Unless explicitly stated otherwise, each numerical value and range herein should be interpreted as being approximate as if the word “about” or “approximately” preceded the value of the value or range.
It will be further understood that various changes in the details, materials, and arrangements of the parts which have been described and illustrated in order to explain the nature of this invention may be made by those skilled in the art without departing from the scope of the invention as expressed in the following claims.
It should be understood that the steps of the exemplary methods set forth herein are not necessarily required to be performed in the order described, and the order of the steps of such methods should be understood to be merely exemplary. Likewise, additional steps may be included in such methods, and certain steps may be omitted or combined, in methods consistent with various embodiments of the present invention.
Reference herein to “one embodiment” or “an embodiment” means that a particular feature, structure, or characteristic described in connection with the embodiment can be included in at least one embodiment of the invention. The appearances of the phrase “in one embodiment” in various places in the specification are not necessarily all referring to the same embodiment, nor are separate or alternative embodiments necessarily mutually exclusive of other embodiments as some embodiments can be combined with other embodiments to form new embodiments. The same applies to the term “implementation.”
The use of terms such as height, length, width, top, bottom, is strictly to facilitate the description of the invention and is not intended to limit the invention to a specific orientation. For example, height does not imply only a vertical rise limitation, but is used to identify one of the three dimensions of a three dimensional structure as shown in the figures. Such “height” would be vertical where the electrodes are horizontal but would be horizontal where the electrodes are vertical, and so on. Similarly, while all figures show the different layers as horizontal layers such orientation is for descriptive purpose only and not to be construed as a limitation.

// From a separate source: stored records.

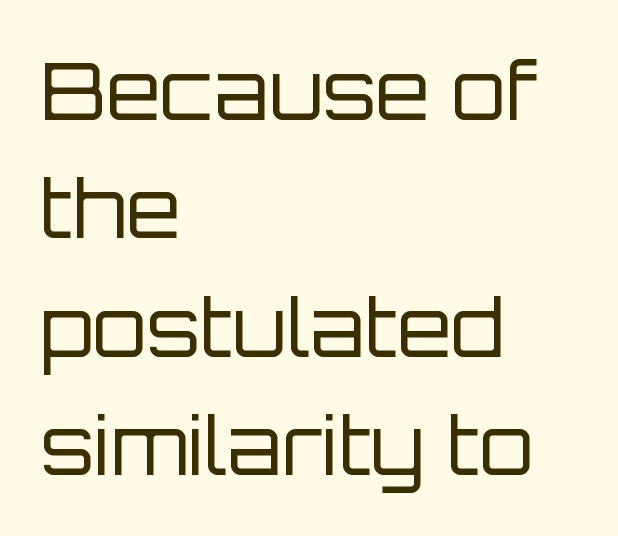
The image shows 79 px regular-weight sans-serif type, upright; set left-aligned, normal line spacing (1.5x), normal letter spacing, not underlined; low stroke contrast and a large x-height.
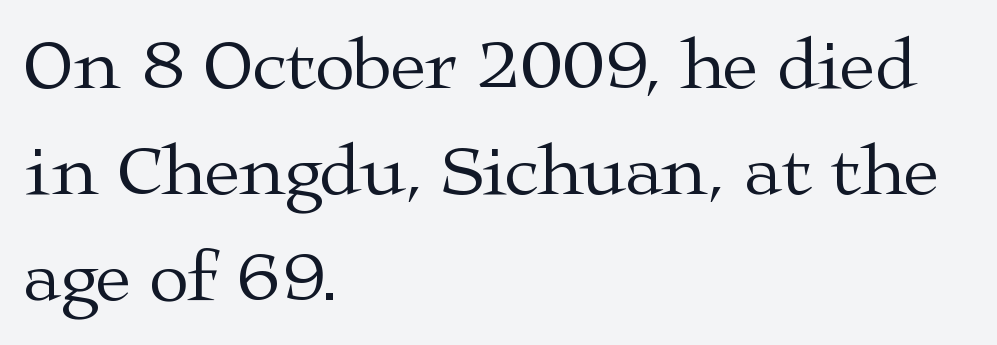
Q: Is the text bold? A: No.
Q: Is the text italic (slanted)? A: No, it is upright.
Q: Is the typeface a serif or a sans-serif typeface? A: Serif.
Q: Is the text underlined? A: No.
Q: How is the paragraph aligned? A: Left-aligned.
Q: Is the spacing between letters normal or unusually wide? A: Normal.
Q: Is the spacing between lines tight, normal or loose? A: Normal.
Q: Width (condensed, normal, or wide)? A: Wide.
Q: Stroke contrast? A: Medium.
Q: x-height? A: Medium.
Q: Monospaced? A: No.

The terms “couple,” “coupling,” “coupled,” “connect,” “connecting,” or “connected” refer to any manner in which energy is allowed to be transferred between two or more elements, and includes the indirect transfer of energy such that the interposition of one or more additional elements is contemplated, although not required. Conversely, the terms “directly coupled,” “directly connected,” etc., imply the absence of such additional elements.